At length, when pretty well again, and sitting out in the September morning upon the piazza and thinking to myself, when, just after a little flock of sheep, the farmer’s banded children passed, a-nutting, and said, “How sweet a day”—it was, after all, but what their fathers call a weather-breeder—and, indeed, was become so sensitive through my illness as that I could not bear to look upon a Chinese creeper of my adoption, and which, to my delight, climbing a post of the piazza, had burst out in starry bloom, but now, if you removed the leaves a little, showed millions of strange, cankerous worms, which, feeding upon those blossoms, so shared their blessed hue as to make it unblessed evermore—worms whose germs had doubtless lurked in the very bulb which, so hopefully, I had planted: in this ingrate peevishness of my weary convalescence was I sitting there, when, suddenly looking off, I saw the golden mountain window, dazzling like a deep-sea dolphin. Fairies there, thought I, once more, the queen of fairies at her fairy-window, at any rate, some glad mountain girl; it will do me good, it will cure this weariness, to look on her. No more; I’ll launch my yawl—ho, cheerly, heart!—and push away for fairyland, for rainbow’s end, in fairyland.

How to get to fairyland, by what road, I did not know, nor could any one inform me, not even one Edmund Spenser, who had been there—so he wrote me—further than that to reach fairyland it must be voyaged to, and with faith. I took the fairy-mountain’s bearings, and the first fine day, when strength permitted, got into my yawl—high-pommeled, leather one—cast off the fast, and away I sailed, free voyager as an autumn leaf. Early dawn, and, sallying westward, I sowed the morning before me.

Some miles brought me nigh the hills, but out of present sight of them. I was not lost, for roadside goldenrods, as guideposts, pointed, I doubted not, the way to the golden window. Following them, I came to a lone and languid region, where the grass-grown ways were traveled but by drowsy cattle, that, less waked than stirred by day, seemed to walk in sleep. Browse they did not—the enchanted never eat. At least, so says Don Quixote, that sagest sage that ever lived.

On I went, and gained at least the fairy-mountain’s base, but saw yet no fairy ring. A pasture rose before me. Letting down five moldering bars—so moistly green they seemed fished up from some sunken wreck—a wigged old Aries, long-visaged and with crumpled horn, came snuffing up, and then, retreating, decorously led on along a milky-way of whiteweed, past dim-clustering Pleiades and Hyades, of small forget-me-nots, and would have led me further still his astral path but for golden flights of yellowbirds—pilots, surely, to the golden window, to one side flying before me, from bush to bush, toward deep woods—which woods themselves were luring—and, somehow, lured, too, by their fence, banning a dark road, which, however dark, led up.

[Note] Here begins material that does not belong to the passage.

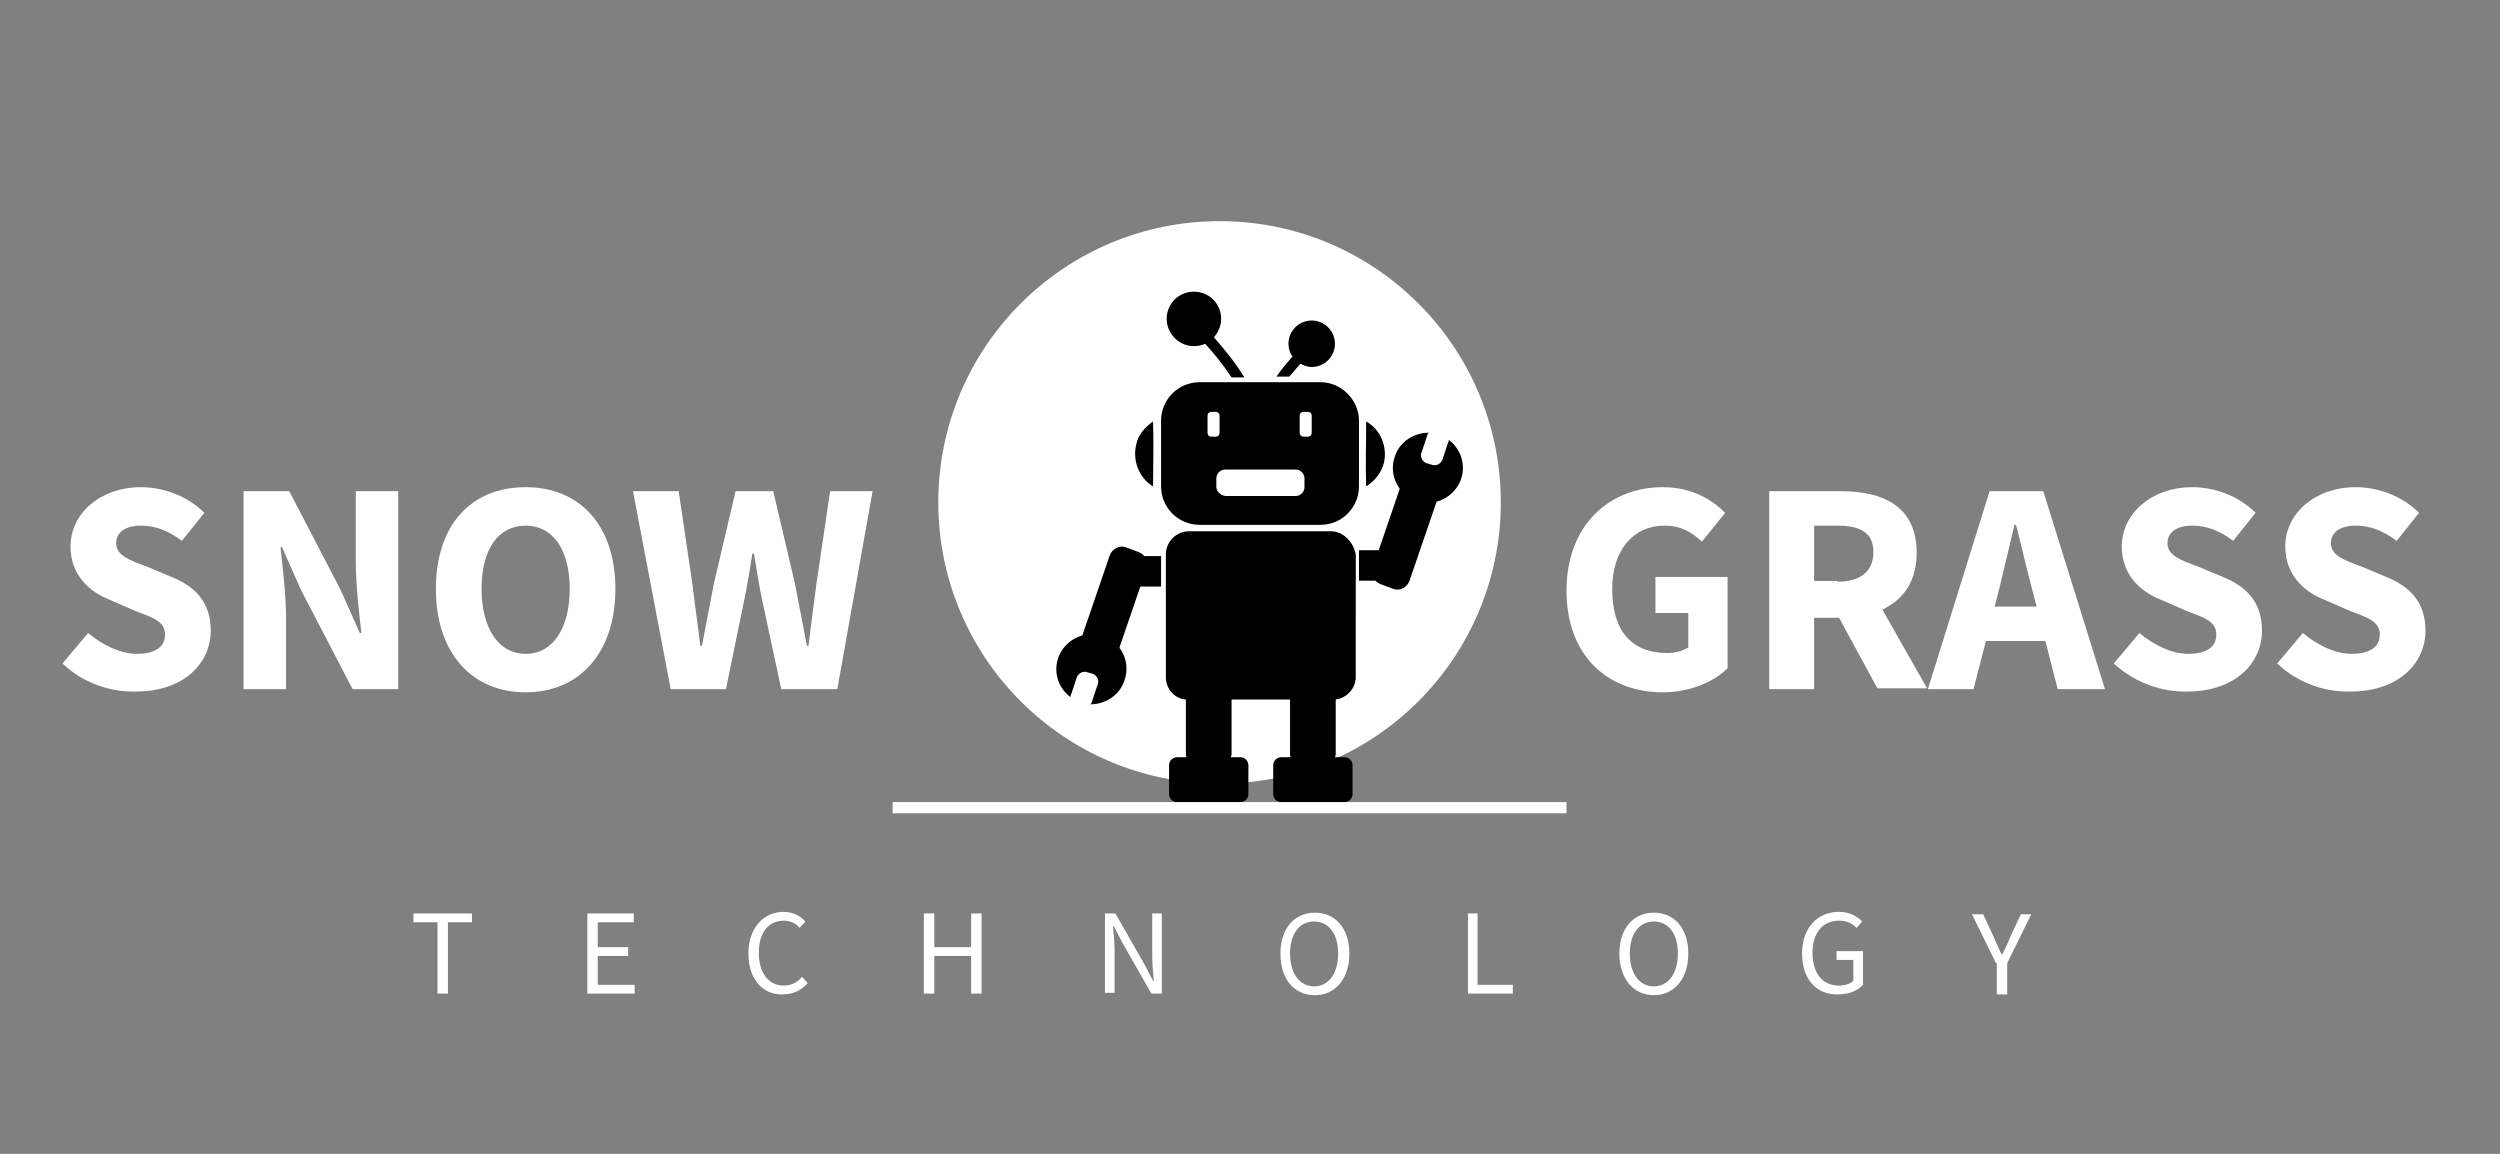 <svg xmlns="http://www.w3.org/2000/svg" xmlns:xlink="http://www.w3.org/1999/xlink" id="&#x421;&#x43B;&#x43E;&#x439;_1" x="0px" y="0px" viewBox="0 0 312 144" style="enable-background:new 0 0 312 144;" xml:space="preserve"><rect x="0" y="0" width="312" height="144" fill="#808080" stroke="none"/> <style type="text/css"> .st0{fill:#FFFFFF;} </style> <g> <g> <path class="st0" d="M7.8,82.8L11,79c1.8,1.5,4,2.6,6.1,2.6c2.3,0,3.5-0.9,3.5-2.4c0-1.6-1.4-2.1-3.6-2.9l-3.2-1.4 c-2.6-1-5-3.1-5-6.7c0-4.1,3.7-7.4,8.8-7.4c2.8,0,5.8,1.1,7.9,3.2l-2.8,3.5c-1.6-1.2-3.2-1.9-5.1-1.9c-1.9,0-3.1,0.8-3.1,2.2 c0,1.5,1.6,2.1,3.8,2.9l3.1,1.3c3,1.2,4.9,3.2,4.9,6.7c0,4.1-3.4,7.6-9.3,7.6C13.7,86.4,10.3,85.2,7.8,82.8z"></path> <path class="st0" d="M30.4,61.3h5.7l6.4,12.3l2.4,5.4h0.2c-0.3-2.6-0.7-6.1-0.7-9v-8.7h5.3v24.7H44l-6.4-12.3l-2.4-5.4H35 c0.3,2.7,0.7,6,0.7,8.9v8.8h-5.3V61.3z"></path> <path class="st0" d="M54.4,73.5c0-8.1,4.5-12.7,11.2-12.7c6.7,0,11.2,4.7,11.2,12.7c0,8.1-4.6,12.9-11.2,12.9 C58.9,86.4,54.4,81.5,54.4,73.5z M71.1,73.5c0-4.9-2.1-7.9-5.5-7.9c-3.4,0-5.5,2.9-5.5,7.9c0,4.9,2.1,8.1,5.5,8.1 C69,81.6,71.1,78.4,71.1,73.5z"></path> <path class="st0" d="M79,61.3h5.7l1.7,11.5c0.3,2.6,0.7,5.2,1,7.8h0.2c0.5-2.6,1-5.2,1.5-7.8l2.7-11.5h4.7l2.7,11.5 c0.5,2.5,1,5.2,1.5,7.8h0.2c0.3-2.6,0.7-5.3,1-7.8l1.7-11.5h5.3l-4.4,24.7h-7l-2.4-11.2c-0.4-1.9-0.7-3.9-1-5.7h-0.2 c-0.3,1.8-0.6,3.8-1,5.7l-2.3,11.2h-6.9L79,61.3z"></path> </g> <circle class="st0" cx="152.2" cy="62.7" r="35.1"></circle> <g> <path class="st0" d="M195.5,73.7c0-8.2,5.4-12.9,12-12.9c3.6,0,6.1,1.5,7.8,3.2l-2.9,3.6c-1.2-1.1-2.5-2-4.7-2 c-3.8,0-6.5,3-6.5,7.9c0,5.1,2.3,8,6.9,8c1,0,2-0.3,2.6-0.7v-4.3h-4.1V72h9v11.4c-1.7,1.7-4.7,3-8.1,3 C200.8,86.4,195.5,82,195.5,73.7z"></path> <path class="st0" d="M220.8,61.3h8.9c5.2,0,9.5,1.8,9.5,7.7c0,5.7-4.3,8.1-9.5,8.1h-3.3v8.9h-5.6V61.3z M229.3,72.6 c2.9,0,4.5-1.3,4.5-3.7c0-2.4-1.6-3.3-4.5-3.3h-2.9v6.9H229.3z M228.7,75.6l3.9-3.6l7.9,13.9h-6.2L228.7,75.6z"></path> <path class="st0" d="M248.3,61.3h6.7l7.7,24.7h-5.9l-3.2-12.5c-0.7-2.5-1.3-5.4-2-8h-0.2c-0.6,2.6-1.3,5.5-1.9,8l-3.2,12.5h-5.7 L248.3,61.3z M245.7,75.7h11.9V80h-11.9V75.7z"></path> <path class="st0" d="M263.8,82.8L267,79c1.8,1.5,4,2.6,6.1,2.6c2.3,0,3.5-0.9,3.5-2.4c0-1.6-1.4-2.1-3.6-2.9l-3.2-1.4 c-2.6-1-5-3.1-5-6.7c0-4.1,3.7-7.4,8.8-7.4c2.8,0,5.8,1.1,7.9,3.2l-2.8,3.5c-1.6-1.2-3.2-1.9-5.1-1.9c-1.9,0-3.1,0.8-3.1,2.2 c0,1.5,1.6,2.1,3.8,2.9l3.1,1.3c3,1.2,4.9,3.2,4.9,6.7c0,4.1-3.4,7.6-9.3,7.6C269.8,86.4,266.4,85.2,263.8,82.8z"></path> <path class="st0" d="M284.2,82.8l3.2-3.8c1.8,1.5,4,2.6,6.1,2.6c2.3,0,3.5-0.9,3.5-2.4c0-1.6-1.4-2.1-3.6-2.9l-3.2-1.4 c-2.6-1-5-3.1-5-6.7c0-4.1,3.7-7.4,8.8-7.4c2.8,0,5.8,1.1,7.9,3.2l-2.8,3.5c-1.6-1.2-3.2-1.9-5.1-1.9c-1.9,0-3.1,0.8-3.1,2.2 c0,1.5,1.6,2.1,3.8,2.9l3.1,1.3c3,1.2,4.9,3.2,4.9,6.7c0,4.1-3.4,7.6-9.3,7.6C290.1,86.4,286.7,85.2,284.2,82.8z"></path> </g> <g> <path class="st0" d="M54.6,115.1h-3V114h7.3v1.1h-3v8.9h-1.3V115.1z"></path> <path class="st0" d="M73.3,114h5.8v1.1h-4.5v3.1h3.8v1.1h-3.8v3.6h4.6v1.1h-5.9V114z"></path> <path class="st0" d="M93.4,119c0-3.2,1.9-5.2,4.4-5.2c1.2,0,2.2,0.6,2.7,1.2l-0.7,0.8c-0.5-0.6-1.2-0.9-2-0.9 c-1.9,0-3.1,1.5-3.1,4c0,2.5,1.2,4.1,3.1,4.1c1,0,1.7-0.4,2.3-1.1l0.7,0.8c-0.8,0.9-1.8,1.4-3.1,1.4 C95.3,124.2,93.4,122.3,93.4,119z"></path> <path class="st0" d="M115.3,114h1.3v4.2h4.6V114h1.3v10h-1.3v-4.7h-4.6v4.7h-1.3V114z"></path> <path class="st0" d="M137.9,114h1.3l3.6,6.3l1.1,2.1h0.1c-0.1-1-0.2-2.1-0.2-3.2V114h1.2v10h-1.3l-3.6-6.3l-1.1-2.1h-0.1 c0.1,1,0.2,2.1,0.2,3.1v5.2h-1.2V114z"></path> <path class="st0" d="M159.8,119c0-3.2,1.8-5.1,4.3-5.1c2.5,0,4.3,1.9,4.3,5.1c0,3.2-1.8,5.2-4.3,5.2 C161.5,124.2,159.8,122.2,159.8,119z M167,119c0-2.5-1.2-4-3-4s-3,1.5-3,4c0,2.5,1.2,4.1,3,4.1S167,121.5,167,119z"></path> <path class="st0" d="M183.1,114h1.3v8.9h4.4v1.1h-5.6V114z"></path> <path class="st0" d="M202.1,119c0-3.2,1.8-5.1,4.3-5.1c2.5,0,4.3,1.9,4.3,5.1c0,3.2-1.8,5.2-4.3,5.2 C203.9,124.2,202.1,122.2,202.1,119z M209.4,119c0-2.5-1.2-4-3-4c-1.8,0-3,1.5-3,4c0,2.5,1.2,4.1,3,4.1 C208.2,123.1,209.4,121.5,209.4,119z"></path> <path class="st0" d="M224.9,119c0-3.2,1.9-5.2,4.6-5.2c1.4,0,2.3,0.6,2.9,1.2l-0.7,0.8c-0.5-0.5-1.1-0.9-2.2-0.9 c-2,0-3.3,1.5-3.3,4c0,2.5,1.2,4.1,3.3,4.1c0.7,0,1.4-0.2,1.8-0.6v-2.6h-2.1v-1.1h3.3v4.2c-0.6,0.7-1.7,1.2-3.1,1.2 C226.8,124.2,224.9,122.3,224.9,119z"></path> <path class="st0" d="M249.1,120.2l-3-6.1h1.4l1.3,2.8c0.3,0.7,0.6,1.4,1,2.2h0.1c0.3-0.7,0.7-1.4,1-2.2l1.3-2.8h1.3l-3,6.1v3.9 h-1.3V120.2z"></path> </g> <g> <path d="M149,43.2c0.5,0,1-0.1,1.4-0.3c1.2,1.3,2.3,2.7,3.3,4.2c0.5,0,1.1,0,1.6,0c-1.1-1.8-2.4-3.4-3.8-5 c0.5-0.6,0.9-1.4,0.9-2.3c0-1.9-1.5-3.4-3.4-3.4c-1.9,0-3.4,1.5-3.4,3.4C145.6,41.6,147.1,43.2,149,43.2z"></path> <path d="M143.9,60.7c0-2.7,0.1-5.4,0-8.1c-1,0.7-1.9,1.7-2.1,2.9C141.3,57.5,142.2,59.7,143.9,60.7z"></path> <path d="M160.9,47c0.5-0.5,0.9-1.1,1.4-1.6c0.4,0.2,0.9,0.4,1.4,0.4c1.6,0,2.9-1.3,2.9-2.9c0-1.6-1.3-2.9-2.9-2.9 c-1.6,0-2.9,1.3-2.9,2.9c0,0.6,0.2,1.2,0.5,1.6c-0.7,0.8-1.4,1.6-2,2.5C159.8,47,160.4,47,160.9,47z"></path> <path d="M172.7,57.8c0.5-2-0.4-4.2-2.2-5.2c0,2.7-0.1,5.4,0,8.1C171.6,60,172.4,59,172.7,57.8z"></path> <path d="M164.8,47.7h-15.1c-2.7,0-4.8,2.2-4.8,4.8v8.2c0,2.7,2.2,4.8,4.8,4.8h15.1c2.7,0,4.8-2.2,4.8-4.8v-8.2 C169.6,49.9,167.4,47.7,164.8,47.7z"></path> <path d="M166.1,66.3h-17.7c-1.6,0-2.9,1.3-2.9,2.9v15.3c0,1.5,1.1,2.7,2.5,2.8v6.9c0,0.1,0,0.2,0.1,0.3h-1.2c-0.5,0-1,0.4-1,1v3.6 c0,0.5,0.4,1,1,1h7.9c0.5,0,1-0.4,1-1v-3.6c0-0.5-0.4-1-1-1h-1.2c0-0.1,0.1-0.2,0.1-0.3v-6.9h7.3v6.9c0,0.1,0,0.2,0.1,0.3h-1.2 c-0.5,0-1,0.4-1,1v3.6c0,0.5,0.4,1,1,1h7.9c0.5,0,1-0.4,1-1v-3.6c0-0.5-0.4-1-1-1h-1.2c0-0.1,0.1-0.2,0.1-0.3v-6.9 c1.4-0.2,2.5-1.4,2.5-2.8V69.2C168.9,67.6,167.6,66.3,166.1,66.3z"></path> <g> <g> <path d="M177,62.6c2.2,0.6,4.5-0.6,5.3-2.7c0.7-1.9,0-3.9-1.5-5c0,0.1,0,0.3-0.1,0.4l-0.7,2.1c-0.2,0.5-0.8,0.8-1.3,0.6 l-0.7-0.2c-0.5-0.2-0.8-0.8-0.6-1.3l0.7-2.1c0-0.1,0.1-0.3,0.2-0.4c-1.8,0-3.6,1.1-4.2,2.9C173.2,59.3,174.6,61.9,177,62.6z"></path> <path d="M177.1,58.8l1.6,0.6c0.8,0.3,1.3,1.2,1,2l-3.8,11.1c-0.3,0.8-1.2,1.3-2,1l-1.6-0.6c-0.8-0.3-1.3-1.2-1-2l3.8-11.1 C175.4,59,176.3,58.5,177.1,58.8z"></path> </g> <rect x="169.6" y="68.8" transform="matrix(-1 -1.904904e-06 1.904904e-06 -1 344.199 141.269)" width="5" height="3.8"></rect> </g> <g> <g> <path d="M137.4,79.3c-2.2-0.6-4.5,0.6-5.3,2.7c-0.7,1.9,0,3.9,1.5,5c0-0.1,0-0.3,0.1-0.4l0.7-2.1c0.2-0.5,0.8-0.8,1.3-0.6 l0.7,0.2c0.5,0.2,0.8,0.8,0.6,1.3l-0.7,2.1c0,0.1-0.1,0.3-0.2,0.4c1.8,0,3.6-1.1,4.2-2.9C141.2,82.6,139.9,80,137.4,79.3z"></path> <path d="M137.3,83l-1.6-0.6c-0.8-0.3-1.3-1.2-1-2l3.8-11.1c0.3-0.8,1.2-1.3,2-1l1.6,0.6c0.8,0.3,1.3,1.2,1,2l-3.8,11.1 C139,82.9,138.1,83.3,137.3,83z"></path> </g> <rect x="139.9" y="69.4" width="5" height="3.8"></rect> </g> </g> <g> <g> <path class="st0" d="M151.7,54.5h-0.5c-0.3,0-0.5-0.2-0.5-0.5v-2.1c0-0.3,0.2-0.5,0.5-0.5h0.5c0.3,0,0.5,0.2,0.5,0.5V54 C152.2,54.3,152,54.5,151.7,54.5z"></path> <path class="st0" d="M163.2,54.5h-0.5c-0.3,0-0.5-0.2-0.5-0.5v-2.1c0-0.3,0.2-0.5,0.5-0.5h0.5c0.3,0,0.5,0.2,0.5,0.5V54 C163.7,54.3,163.5,54.5,163.2,54.5z"></path> </g> <path class="st0" d="M151.8,60.8v-1.1c0-0.6,0.5-1.1,1.1-1.1h8.8c0.6,0,1.1,0.5,1.1,1.1v1.1c0,0.6-0.5,1.1-1.1,1.1h-8.8 C152.3,61.8,151.8,61.3,151.8,60.8z"></path> </g> <rect x="111.4" y="100.1" class="st0" width="84.1" height="1.4"></rect> </g> </svg>

I pushed through, when Aries, renouncing me now for some lost soul, wheeled, and went his wiser way. Forbidding and forbidden ground—to him.

A winter wood road, matted all along with wintergreen. By the side of pebbly waters—waters the cheerier for their solitude; beneath swaying fir boughs, petted by no season but still green in all, on I journeyed—my horse and I; on, by an old sawmill bound down and hushed with vines that his grating voice no more was heard; on, by a deep flume clove through snowy marble, vernal-tinted, where freshet eddies had, on each side, spun out empty chapels in the living rock; on, where Jacks-in-the-pulpit like their Baptist namesake, preached but to the wilderness; on, where a huge cross-grain block, fern-bedded, showed where, in forgotten times, man after man had tried to split it, but lost his wedges for his pains—which wedges yet rusted in their holes; on, where, ages past, in steplike ledges of a cascade, skull-hollow pots had been churned out by ceaseless whirling of a flintstone—ever wearing, but itself unworn; on, by wild rapids pouring into a secret pool, but, soothed by circling there awhile, issued forth serenely; on, to less broken ground and by a little ring, where, truly, fairies must have danced, or else some wheel-tire been heated—for all was bare; still on, and up, and out into a hanging orchard, where maidenly looked down upon me a crescent moon, from morning.

My horse hitched low his head. Red apples rolled before him—Eve’s apples, seek-no-furthers. He tasted one, I another; it tasted of the ground. Fairyland not yet, thought I, flinging my bridle to a humped old tree, that crooked out an arm to catch it. For the way now lay where path was none, and none might go but by himself, and only go by daring. Through blackberry brakes that tried to pluck me back, though I but strained toward fruitless growths of mountain laurel, up slippery steeps to barren heights, where stood none to welcome. Fairyland not yet, thought I, though the morning is here before me.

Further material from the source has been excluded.